Digamos que en el descansillo de un modesto edificio hay dos puertas. El edificio es parecido a tantos otros que hay en nuestra ciudad, algo viejo, con algunos desconchones y macetas en las ventanas. Las personas que viven al otro lado de esas puertas responden a las iniciales “H” y “L”, respectivamente.
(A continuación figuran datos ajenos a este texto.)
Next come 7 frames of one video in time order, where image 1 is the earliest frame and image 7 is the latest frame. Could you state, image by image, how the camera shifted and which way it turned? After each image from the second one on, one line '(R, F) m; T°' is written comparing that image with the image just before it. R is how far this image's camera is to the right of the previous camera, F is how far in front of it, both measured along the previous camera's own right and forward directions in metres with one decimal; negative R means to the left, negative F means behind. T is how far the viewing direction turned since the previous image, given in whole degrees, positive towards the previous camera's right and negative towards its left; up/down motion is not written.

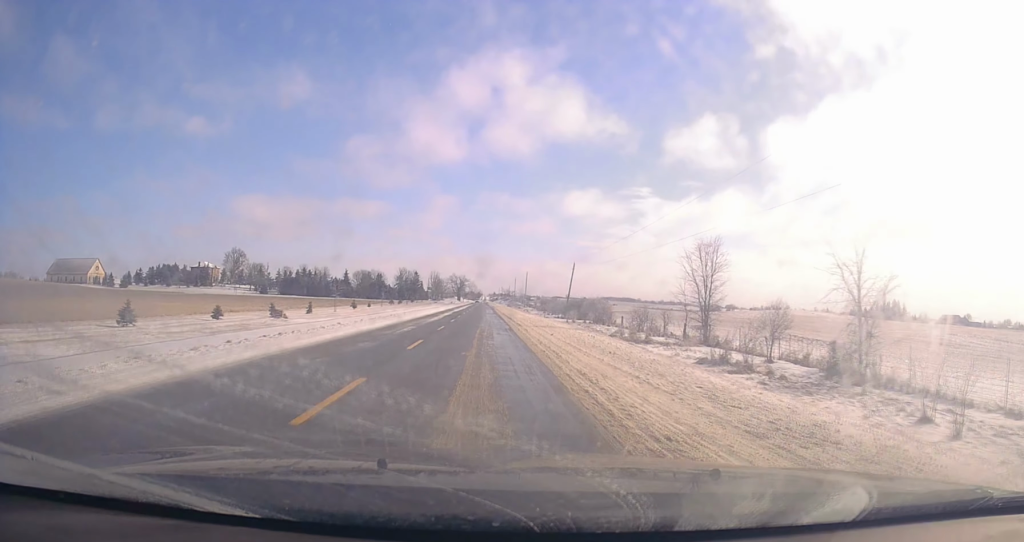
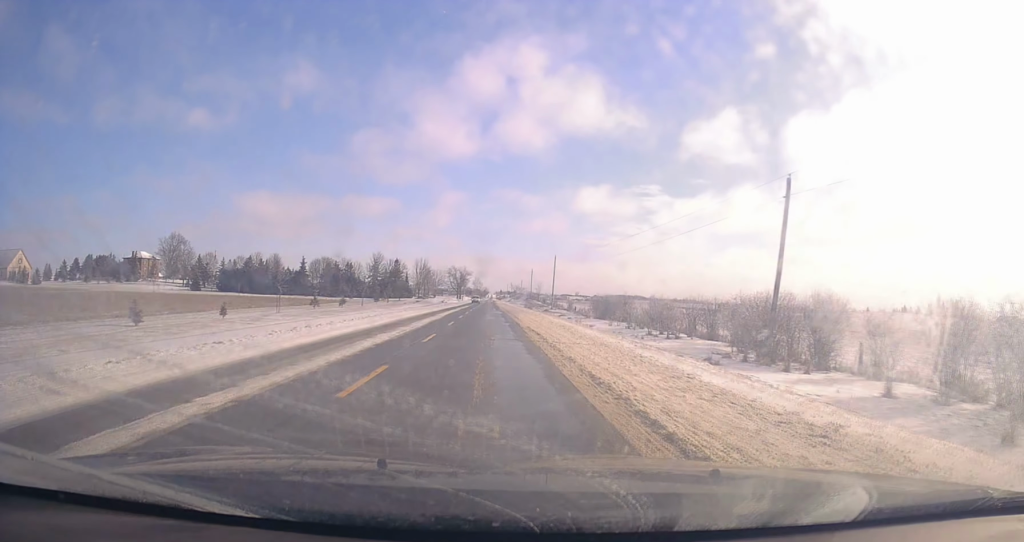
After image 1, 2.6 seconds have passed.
(+0.2, +60.6) m; 0°
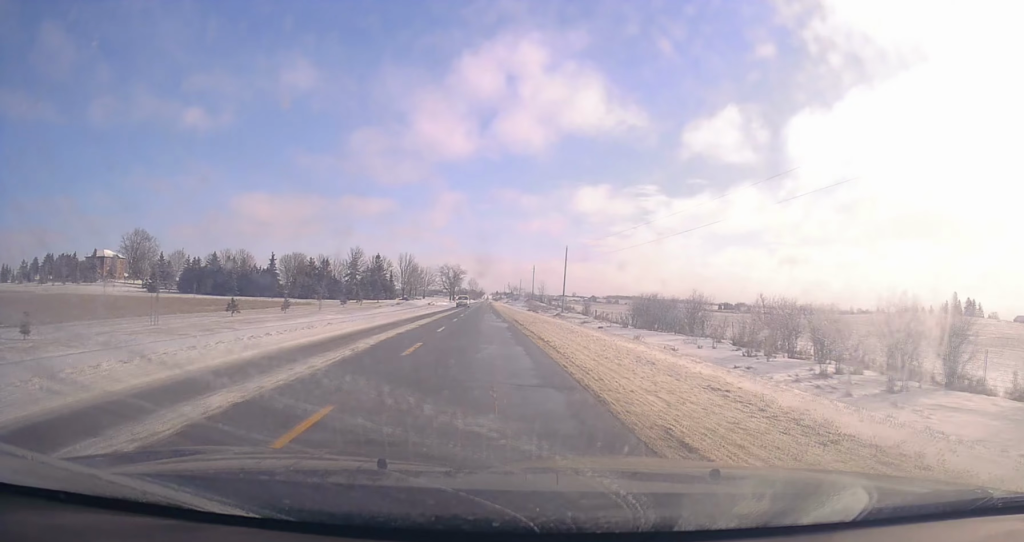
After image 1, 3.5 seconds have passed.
(-0.4, +21.8) m; -1°
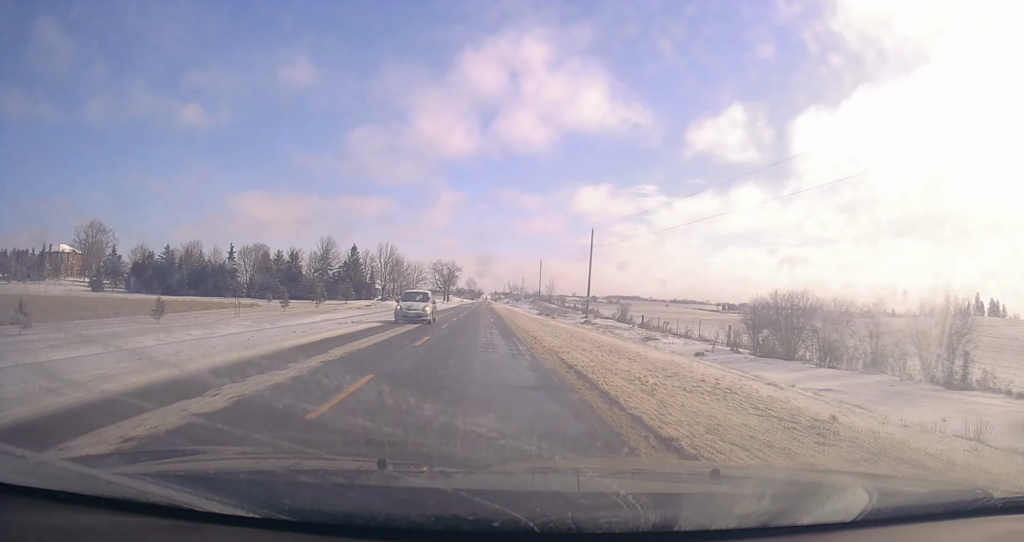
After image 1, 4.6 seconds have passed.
(+0.3, +24.8) m; +1°
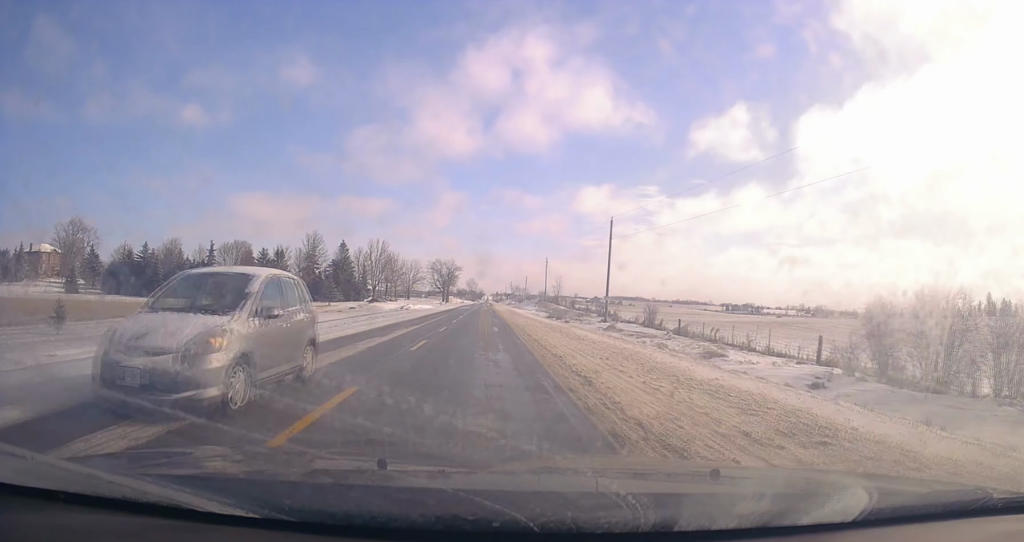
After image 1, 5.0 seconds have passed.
(+0.1, +10.2) m; 0°
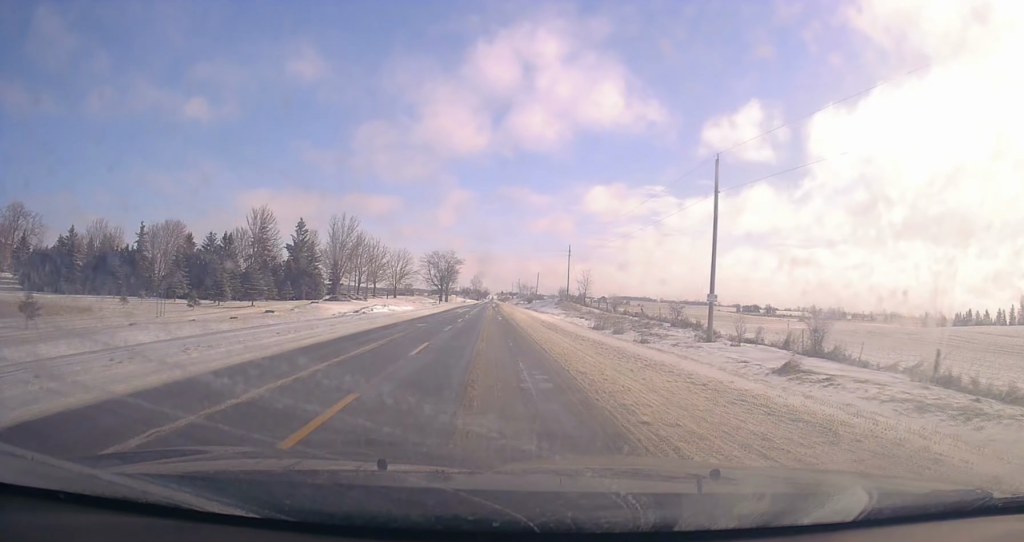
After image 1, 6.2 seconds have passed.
(-0.3, +27.3) m; 0°
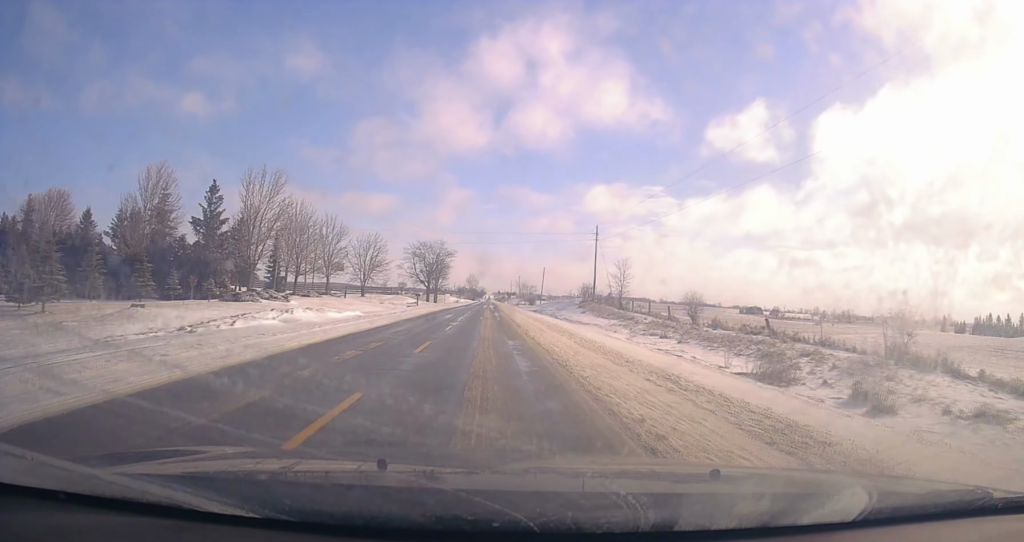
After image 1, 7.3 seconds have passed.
(+0.3, +26.2) m; 0°

Digamos que el padre y la madre de H. nacieron en Marruecos, Egipto, Argelia o el Magreb, solo por mencionar algunas posibilidades; que emigraron a España cuando aún eran muy jóvenes y, con grandes esfuerzos y muchos sacrificios, lograron establecerse y hacer de su nuevo país de residencia un hogar, aunque siempre hubo gente que no les aceptó. El padre y la madre de H. no tenían experiencia previa en el ámbito del comercio pero pensaron en abrir un negocio propio y, después de algunos años, lograron su propósito. En esa tienda trabaja hoy H. durante las horas que le dejan libres sus estudios de comercio y contabilidad. En un principio H. se opuso a la idea de iniciar esos estudios: su vocación es la música, en concreto tocar la guitarra eléctrica, y su sueño formar parte de un grupo de pop como The Beatles o Radio Futura. Sin embargo, después de muchas discusiones, H. comenzó a asistir a las clases y ahora procura compatibilizar ambas ocupaciones, además de ayudar en la tienda. El comercio y la contabilidad no le encantan pero se le dan bastante bien y saca buenas notas. Su vida transcurre por cauces tranquilos, muy semejantes a los de cualquier persona de su edad que tiene la suerte de poder estudiar gracias a su padre y su madre.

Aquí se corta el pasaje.